▸ What to work on
Would you return every line of the listing below that has "version" in it?
"""
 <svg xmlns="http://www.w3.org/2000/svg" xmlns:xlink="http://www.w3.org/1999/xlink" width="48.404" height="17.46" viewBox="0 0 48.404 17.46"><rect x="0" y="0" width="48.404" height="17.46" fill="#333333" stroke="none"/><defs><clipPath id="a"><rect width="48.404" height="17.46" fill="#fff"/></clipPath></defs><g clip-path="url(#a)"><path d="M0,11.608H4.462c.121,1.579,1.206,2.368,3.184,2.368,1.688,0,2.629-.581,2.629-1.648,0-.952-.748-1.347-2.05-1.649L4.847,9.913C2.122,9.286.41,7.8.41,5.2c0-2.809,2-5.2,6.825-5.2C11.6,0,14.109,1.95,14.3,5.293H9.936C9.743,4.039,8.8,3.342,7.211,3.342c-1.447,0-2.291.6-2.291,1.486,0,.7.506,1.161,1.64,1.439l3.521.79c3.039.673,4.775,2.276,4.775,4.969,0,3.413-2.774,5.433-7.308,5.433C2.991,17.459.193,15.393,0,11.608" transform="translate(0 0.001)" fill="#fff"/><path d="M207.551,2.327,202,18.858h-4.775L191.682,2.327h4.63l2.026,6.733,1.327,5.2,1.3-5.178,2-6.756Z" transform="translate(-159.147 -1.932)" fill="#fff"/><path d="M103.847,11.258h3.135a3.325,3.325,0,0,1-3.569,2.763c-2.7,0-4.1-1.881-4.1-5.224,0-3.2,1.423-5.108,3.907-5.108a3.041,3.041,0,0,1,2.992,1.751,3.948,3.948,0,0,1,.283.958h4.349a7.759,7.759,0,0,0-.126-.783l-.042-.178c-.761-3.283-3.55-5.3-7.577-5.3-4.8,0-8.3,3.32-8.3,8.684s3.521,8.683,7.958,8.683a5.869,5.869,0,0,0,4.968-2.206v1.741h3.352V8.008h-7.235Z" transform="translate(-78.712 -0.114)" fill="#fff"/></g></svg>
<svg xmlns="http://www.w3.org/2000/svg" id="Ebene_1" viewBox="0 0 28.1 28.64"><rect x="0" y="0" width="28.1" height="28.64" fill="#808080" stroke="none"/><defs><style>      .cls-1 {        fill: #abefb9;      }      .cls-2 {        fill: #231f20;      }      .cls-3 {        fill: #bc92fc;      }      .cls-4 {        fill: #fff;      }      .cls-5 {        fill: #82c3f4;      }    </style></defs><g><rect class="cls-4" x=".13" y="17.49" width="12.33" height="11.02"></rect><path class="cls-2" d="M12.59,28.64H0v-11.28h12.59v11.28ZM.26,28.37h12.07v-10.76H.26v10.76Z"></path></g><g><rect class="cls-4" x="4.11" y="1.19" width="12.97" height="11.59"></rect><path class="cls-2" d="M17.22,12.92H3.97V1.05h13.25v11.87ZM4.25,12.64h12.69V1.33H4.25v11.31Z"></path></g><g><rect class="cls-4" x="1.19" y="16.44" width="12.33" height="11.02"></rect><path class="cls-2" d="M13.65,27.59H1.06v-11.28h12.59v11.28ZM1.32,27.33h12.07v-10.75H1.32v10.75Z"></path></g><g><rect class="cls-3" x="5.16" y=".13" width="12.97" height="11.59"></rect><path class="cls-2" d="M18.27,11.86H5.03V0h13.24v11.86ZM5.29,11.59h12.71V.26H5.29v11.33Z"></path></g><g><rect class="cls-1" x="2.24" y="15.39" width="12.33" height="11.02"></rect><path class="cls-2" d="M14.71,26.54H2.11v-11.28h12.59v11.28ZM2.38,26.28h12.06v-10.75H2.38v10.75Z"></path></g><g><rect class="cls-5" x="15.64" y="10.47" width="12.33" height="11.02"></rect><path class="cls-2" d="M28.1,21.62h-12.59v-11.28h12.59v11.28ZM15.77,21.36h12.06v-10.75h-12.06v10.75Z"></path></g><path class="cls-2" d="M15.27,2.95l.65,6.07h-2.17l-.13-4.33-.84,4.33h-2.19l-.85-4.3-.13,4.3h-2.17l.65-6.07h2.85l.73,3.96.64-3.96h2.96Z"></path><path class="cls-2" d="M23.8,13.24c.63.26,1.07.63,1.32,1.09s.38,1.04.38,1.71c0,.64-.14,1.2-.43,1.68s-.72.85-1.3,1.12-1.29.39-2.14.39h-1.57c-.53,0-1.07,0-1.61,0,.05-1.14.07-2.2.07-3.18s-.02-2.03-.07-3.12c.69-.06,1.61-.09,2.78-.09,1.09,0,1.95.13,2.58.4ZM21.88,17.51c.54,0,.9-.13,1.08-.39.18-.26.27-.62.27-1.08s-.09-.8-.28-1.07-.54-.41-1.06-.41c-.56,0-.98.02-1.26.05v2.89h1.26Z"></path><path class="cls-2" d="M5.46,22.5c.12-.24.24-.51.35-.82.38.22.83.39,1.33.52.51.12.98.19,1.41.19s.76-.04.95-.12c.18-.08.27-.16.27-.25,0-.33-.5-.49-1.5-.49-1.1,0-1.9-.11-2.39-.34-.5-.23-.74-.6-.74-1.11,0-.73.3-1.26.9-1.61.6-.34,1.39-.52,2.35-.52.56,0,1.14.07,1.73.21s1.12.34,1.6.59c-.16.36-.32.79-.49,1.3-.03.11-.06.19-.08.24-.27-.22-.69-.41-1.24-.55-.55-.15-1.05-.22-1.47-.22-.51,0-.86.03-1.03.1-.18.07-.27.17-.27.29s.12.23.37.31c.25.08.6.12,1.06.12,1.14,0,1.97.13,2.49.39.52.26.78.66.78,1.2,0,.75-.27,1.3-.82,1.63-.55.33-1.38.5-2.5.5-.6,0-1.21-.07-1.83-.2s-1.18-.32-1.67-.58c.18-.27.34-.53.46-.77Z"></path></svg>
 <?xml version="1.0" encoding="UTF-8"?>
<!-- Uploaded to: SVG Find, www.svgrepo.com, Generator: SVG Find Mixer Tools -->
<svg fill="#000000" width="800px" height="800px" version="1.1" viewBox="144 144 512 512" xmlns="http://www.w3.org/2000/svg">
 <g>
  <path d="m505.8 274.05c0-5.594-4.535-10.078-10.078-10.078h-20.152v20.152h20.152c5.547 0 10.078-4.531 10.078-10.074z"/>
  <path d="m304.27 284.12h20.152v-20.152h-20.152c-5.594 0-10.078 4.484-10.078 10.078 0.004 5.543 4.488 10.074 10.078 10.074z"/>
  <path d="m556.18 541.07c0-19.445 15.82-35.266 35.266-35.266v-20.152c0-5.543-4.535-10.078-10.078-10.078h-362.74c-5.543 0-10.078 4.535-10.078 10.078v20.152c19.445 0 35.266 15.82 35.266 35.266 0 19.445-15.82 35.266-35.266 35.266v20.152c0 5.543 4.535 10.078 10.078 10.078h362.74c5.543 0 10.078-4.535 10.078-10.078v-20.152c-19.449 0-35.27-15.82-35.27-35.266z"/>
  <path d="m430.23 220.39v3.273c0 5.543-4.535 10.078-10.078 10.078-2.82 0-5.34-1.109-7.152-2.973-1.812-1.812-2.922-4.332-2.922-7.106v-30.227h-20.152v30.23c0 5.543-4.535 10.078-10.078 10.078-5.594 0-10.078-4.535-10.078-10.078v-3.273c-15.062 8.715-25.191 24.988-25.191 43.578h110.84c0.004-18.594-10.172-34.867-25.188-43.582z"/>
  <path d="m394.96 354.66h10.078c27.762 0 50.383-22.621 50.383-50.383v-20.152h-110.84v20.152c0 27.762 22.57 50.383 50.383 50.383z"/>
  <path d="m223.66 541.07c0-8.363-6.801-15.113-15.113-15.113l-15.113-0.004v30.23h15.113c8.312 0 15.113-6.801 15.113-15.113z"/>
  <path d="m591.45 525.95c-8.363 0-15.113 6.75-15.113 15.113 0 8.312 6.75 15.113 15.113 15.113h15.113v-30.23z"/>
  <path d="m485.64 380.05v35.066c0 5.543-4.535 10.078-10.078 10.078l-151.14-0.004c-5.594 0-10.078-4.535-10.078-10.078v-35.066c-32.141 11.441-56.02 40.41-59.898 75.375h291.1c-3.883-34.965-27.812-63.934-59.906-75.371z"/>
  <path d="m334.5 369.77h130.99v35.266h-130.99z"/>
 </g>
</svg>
"""
▸ Expected output
 <?xml version="1.0" encoding="UTF-8"?>
<svg fill="#000000" width="800px" height="800px" version="1.1" viewBox="144 144 512 512" xmlns="http://www.w3.org/2000/svg">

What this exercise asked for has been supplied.